French ecclesiastical historian (1637–1698)

Louis-Sébastien Le Nain de Tillemont (30 November 1637 – 10 January 1698) was a French ecclesiastical historian.

==Life==
He was born in Paris into a wealthy Jansenist family and was educated at the Petites écoles of Port-Royal, where his historical interests were formed and encouraged. At the age of twenty, he began his two monumental works, the Mémoires pour servir à l'histoire ecclésiastique des six premiers siècles and the Histoire des empereurs et autres princes qui ont régné pendant les six premiers siècles de l'Église. The first is a history of the first six centuries of the Christian Church. The second is a history of the Roman emperors during the same period.

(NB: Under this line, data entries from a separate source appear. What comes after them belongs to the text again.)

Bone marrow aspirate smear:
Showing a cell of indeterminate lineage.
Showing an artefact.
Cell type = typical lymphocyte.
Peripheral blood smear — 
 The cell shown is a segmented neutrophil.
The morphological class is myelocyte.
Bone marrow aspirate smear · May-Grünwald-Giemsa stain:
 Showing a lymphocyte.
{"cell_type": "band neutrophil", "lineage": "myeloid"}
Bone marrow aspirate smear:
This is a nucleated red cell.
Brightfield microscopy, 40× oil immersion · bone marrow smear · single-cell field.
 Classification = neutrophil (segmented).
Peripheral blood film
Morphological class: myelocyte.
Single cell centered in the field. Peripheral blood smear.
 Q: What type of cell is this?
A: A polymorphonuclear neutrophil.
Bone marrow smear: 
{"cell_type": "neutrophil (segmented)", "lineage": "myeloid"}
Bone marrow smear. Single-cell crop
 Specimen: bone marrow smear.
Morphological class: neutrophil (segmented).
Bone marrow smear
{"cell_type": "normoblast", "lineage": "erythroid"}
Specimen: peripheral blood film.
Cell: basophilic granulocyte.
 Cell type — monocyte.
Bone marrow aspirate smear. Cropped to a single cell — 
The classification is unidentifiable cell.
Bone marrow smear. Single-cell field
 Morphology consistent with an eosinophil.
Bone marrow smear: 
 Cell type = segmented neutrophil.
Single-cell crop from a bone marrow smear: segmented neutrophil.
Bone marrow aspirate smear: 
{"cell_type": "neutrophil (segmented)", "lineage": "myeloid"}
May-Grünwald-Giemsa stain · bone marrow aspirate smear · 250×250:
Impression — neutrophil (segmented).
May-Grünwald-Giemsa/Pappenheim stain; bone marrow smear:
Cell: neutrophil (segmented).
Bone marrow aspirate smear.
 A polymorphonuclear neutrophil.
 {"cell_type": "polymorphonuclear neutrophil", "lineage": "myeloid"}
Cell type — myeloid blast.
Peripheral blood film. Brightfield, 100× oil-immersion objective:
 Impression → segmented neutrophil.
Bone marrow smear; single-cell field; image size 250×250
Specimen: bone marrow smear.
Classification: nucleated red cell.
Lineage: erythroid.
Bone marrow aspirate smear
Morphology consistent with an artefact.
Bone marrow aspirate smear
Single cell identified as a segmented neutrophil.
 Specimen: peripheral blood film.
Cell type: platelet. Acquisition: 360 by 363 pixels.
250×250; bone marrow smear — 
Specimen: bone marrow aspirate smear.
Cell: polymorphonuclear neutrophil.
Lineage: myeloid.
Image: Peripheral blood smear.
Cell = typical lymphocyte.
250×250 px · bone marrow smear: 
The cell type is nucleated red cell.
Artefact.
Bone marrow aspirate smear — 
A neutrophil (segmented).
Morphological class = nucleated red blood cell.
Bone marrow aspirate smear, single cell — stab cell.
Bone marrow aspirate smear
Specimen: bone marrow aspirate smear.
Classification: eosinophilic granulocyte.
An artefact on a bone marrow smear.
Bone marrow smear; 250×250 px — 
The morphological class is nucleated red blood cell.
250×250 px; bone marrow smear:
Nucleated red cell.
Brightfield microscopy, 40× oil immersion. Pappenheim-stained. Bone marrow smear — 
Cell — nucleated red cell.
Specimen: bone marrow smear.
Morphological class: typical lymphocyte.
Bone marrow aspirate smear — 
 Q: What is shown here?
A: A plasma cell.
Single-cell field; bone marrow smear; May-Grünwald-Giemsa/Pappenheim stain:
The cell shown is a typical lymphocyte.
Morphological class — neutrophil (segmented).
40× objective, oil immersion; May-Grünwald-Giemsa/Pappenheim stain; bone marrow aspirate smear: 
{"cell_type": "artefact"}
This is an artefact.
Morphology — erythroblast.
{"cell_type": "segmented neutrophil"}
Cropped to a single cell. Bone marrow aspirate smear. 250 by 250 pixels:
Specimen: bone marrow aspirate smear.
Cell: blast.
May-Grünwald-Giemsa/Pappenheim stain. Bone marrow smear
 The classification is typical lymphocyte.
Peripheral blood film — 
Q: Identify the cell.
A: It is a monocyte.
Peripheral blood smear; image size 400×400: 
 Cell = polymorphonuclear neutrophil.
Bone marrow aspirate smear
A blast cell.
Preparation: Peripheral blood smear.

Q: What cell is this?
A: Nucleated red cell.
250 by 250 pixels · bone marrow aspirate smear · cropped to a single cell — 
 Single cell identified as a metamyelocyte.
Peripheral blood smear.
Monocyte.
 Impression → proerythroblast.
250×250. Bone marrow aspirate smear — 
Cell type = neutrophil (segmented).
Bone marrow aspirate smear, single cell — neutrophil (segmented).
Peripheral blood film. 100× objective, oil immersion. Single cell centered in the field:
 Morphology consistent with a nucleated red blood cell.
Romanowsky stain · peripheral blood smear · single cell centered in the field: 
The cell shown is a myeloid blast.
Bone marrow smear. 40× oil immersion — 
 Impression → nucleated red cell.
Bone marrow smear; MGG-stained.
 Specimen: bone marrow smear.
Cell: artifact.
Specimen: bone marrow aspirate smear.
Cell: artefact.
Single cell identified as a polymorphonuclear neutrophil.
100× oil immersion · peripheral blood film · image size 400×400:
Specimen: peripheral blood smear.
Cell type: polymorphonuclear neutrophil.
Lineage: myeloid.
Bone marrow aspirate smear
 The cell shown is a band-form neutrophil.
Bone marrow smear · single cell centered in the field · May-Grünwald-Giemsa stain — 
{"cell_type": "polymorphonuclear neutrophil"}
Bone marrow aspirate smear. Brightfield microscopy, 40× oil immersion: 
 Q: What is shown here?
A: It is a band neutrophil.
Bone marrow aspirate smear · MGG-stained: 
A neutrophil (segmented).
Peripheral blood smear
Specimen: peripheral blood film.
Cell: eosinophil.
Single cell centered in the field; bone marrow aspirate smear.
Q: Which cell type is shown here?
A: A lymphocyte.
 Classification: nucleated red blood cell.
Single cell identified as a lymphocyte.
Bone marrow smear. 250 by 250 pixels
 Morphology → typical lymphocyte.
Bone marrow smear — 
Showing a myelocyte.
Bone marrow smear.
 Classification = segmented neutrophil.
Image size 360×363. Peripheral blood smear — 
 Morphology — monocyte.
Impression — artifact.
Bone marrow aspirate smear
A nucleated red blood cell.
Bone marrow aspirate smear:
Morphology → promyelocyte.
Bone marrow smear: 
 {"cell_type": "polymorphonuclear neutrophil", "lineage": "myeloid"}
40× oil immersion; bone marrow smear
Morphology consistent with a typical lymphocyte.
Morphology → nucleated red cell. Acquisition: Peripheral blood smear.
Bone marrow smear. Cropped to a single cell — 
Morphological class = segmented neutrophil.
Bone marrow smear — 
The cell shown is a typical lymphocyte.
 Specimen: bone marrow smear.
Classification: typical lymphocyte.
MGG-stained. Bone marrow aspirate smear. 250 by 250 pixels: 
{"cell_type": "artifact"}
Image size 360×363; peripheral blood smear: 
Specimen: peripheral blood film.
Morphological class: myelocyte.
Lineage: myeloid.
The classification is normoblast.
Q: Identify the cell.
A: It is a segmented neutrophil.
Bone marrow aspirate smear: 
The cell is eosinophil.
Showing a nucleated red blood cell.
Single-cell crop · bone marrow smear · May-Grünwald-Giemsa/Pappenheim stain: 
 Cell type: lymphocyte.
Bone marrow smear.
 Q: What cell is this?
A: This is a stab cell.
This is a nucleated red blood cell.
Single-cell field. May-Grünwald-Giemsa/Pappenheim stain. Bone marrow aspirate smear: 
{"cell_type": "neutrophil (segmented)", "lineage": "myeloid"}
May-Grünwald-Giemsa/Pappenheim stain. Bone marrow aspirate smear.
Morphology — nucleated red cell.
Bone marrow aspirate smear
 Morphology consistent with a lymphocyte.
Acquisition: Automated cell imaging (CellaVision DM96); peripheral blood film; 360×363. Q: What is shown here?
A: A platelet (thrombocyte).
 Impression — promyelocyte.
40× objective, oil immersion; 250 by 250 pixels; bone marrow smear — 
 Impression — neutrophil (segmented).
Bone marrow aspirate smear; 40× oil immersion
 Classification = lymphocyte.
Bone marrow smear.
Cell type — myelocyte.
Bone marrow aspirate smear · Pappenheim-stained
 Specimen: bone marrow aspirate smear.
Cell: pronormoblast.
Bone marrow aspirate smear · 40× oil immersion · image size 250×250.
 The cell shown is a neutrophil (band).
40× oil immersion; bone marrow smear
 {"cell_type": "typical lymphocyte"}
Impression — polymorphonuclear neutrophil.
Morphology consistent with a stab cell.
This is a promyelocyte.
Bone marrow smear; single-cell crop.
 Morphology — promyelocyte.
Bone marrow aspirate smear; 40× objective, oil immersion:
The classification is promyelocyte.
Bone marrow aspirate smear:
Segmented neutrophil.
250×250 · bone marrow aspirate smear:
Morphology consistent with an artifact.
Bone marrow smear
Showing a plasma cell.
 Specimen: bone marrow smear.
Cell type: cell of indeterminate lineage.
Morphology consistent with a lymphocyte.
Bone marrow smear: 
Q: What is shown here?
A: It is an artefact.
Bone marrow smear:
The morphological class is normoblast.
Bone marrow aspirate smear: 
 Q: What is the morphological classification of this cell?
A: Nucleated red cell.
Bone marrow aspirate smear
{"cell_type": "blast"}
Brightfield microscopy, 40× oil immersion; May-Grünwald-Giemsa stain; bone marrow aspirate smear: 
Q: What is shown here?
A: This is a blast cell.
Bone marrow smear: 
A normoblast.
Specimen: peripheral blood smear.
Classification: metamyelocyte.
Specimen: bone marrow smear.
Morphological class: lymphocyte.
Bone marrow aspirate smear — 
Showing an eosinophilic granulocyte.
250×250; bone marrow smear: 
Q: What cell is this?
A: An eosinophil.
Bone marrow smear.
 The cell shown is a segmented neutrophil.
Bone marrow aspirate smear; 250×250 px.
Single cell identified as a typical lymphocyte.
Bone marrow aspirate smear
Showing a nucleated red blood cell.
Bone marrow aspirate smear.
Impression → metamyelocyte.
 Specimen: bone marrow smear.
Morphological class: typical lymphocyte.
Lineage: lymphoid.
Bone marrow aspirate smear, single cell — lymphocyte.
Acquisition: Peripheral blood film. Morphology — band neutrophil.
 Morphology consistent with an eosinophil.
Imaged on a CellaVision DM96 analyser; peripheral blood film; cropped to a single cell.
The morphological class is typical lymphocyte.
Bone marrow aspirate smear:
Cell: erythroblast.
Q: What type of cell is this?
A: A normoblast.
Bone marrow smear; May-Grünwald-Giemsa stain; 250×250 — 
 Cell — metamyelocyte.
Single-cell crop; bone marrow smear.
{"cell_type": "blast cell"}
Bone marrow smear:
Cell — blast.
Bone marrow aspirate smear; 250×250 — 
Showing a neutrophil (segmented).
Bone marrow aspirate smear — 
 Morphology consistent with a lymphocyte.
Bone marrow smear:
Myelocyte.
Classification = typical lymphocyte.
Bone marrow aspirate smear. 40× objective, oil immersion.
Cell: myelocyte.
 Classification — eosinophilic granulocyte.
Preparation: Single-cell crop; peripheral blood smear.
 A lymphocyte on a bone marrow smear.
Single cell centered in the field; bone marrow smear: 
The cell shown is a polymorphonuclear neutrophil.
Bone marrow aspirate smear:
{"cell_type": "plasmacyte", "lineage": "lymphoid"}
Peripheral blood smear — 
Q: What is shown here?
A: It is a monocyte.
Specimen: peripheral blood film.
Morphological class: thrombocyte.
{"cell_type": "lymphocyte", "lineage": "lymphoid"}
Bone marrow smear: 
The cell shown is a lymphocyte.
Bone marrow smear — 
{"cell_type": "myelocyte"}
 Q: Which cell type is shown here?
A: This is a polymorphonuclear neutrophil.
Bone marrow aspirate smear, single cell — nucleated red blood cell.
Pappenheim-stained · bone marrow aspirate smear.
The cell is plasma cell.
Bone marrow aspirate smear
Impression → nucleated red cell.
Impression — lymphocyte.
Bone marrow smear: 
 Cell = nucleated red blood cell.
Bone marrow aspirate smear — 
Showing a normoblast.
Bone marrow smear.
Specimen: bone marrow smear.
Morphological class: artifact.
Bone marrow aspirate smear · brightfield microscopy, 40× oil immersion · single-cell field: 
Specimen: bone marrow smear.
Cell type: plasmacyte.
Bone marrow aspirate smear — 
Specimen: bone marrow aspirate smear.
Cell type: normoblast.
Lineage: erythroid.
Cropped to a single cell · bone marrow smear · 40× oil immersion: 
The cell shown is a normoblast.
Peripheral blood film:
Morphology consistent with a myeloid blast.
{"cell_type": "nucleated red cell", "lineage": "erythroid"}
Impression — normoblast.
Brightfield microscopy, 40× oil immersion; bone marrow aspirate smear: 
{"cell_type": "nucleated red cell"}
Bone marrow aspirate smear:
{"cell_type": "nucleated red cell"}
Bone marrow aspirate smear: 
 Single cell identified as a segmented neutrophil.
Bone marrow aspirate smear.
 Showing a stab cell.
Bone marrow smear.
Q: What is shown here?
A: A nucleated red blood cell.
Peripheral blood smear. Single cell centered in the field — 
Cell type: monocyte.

Tillemont became a priest at the age of 39 and settled at Port-Royal. When Port-Royal was dissolved in 1679, he moved to his family estate at Tillemont, where he spent the rest of his life, pursuing his historical work with great devotion. His Histoire began to issue from the press in 1690 and his Mémoires in 1693. The publication of both works was not complete at the time of his death. The final volumes were completed and published posthumously by his secretary Michel Tronchay. Tronchay also published a biography of Tillemont in 1706 titled Idee de la vie et de l'esprit de M. L. de Tillemont.

Tillemont is cited frequently by Edward Gibbon in his Decline and Fall of the Roman Empire.

Tillemont's works were among the first to provide critical surveys of the full range of source material. His prose style is considered dry, but he had a reputation for accuracy, detail and conscientiousness. His work was attacked on a large scale by Honoratus a Sancta Maria in his three-volume Réflexions sur les règles et l'usage de la critique (1712–1720).

==Selected works==
- Histoire des empereurs et des autres princes qui ont régné durant les six premiers siècles de l'Église (6 vol.), 1690–1697, 1701, 1738.
- Mémoires pour servir à l'histoire ecclésiastique des six premiers siècles, justifiés par les citations des auteurs originaux avec une chronologie où l'on fait un abrégé de l'histoire ecclésiastique et avec des notes pour éclaircir les difficultés des faits et de la chronologie (16 vol.), 1693–1712.
- Vie de saint Louis roi de France (6 vol.), editor Jules Renouard, Paris, 1847–1851.
- Calendrier des fêtes des saints illustres, 1919.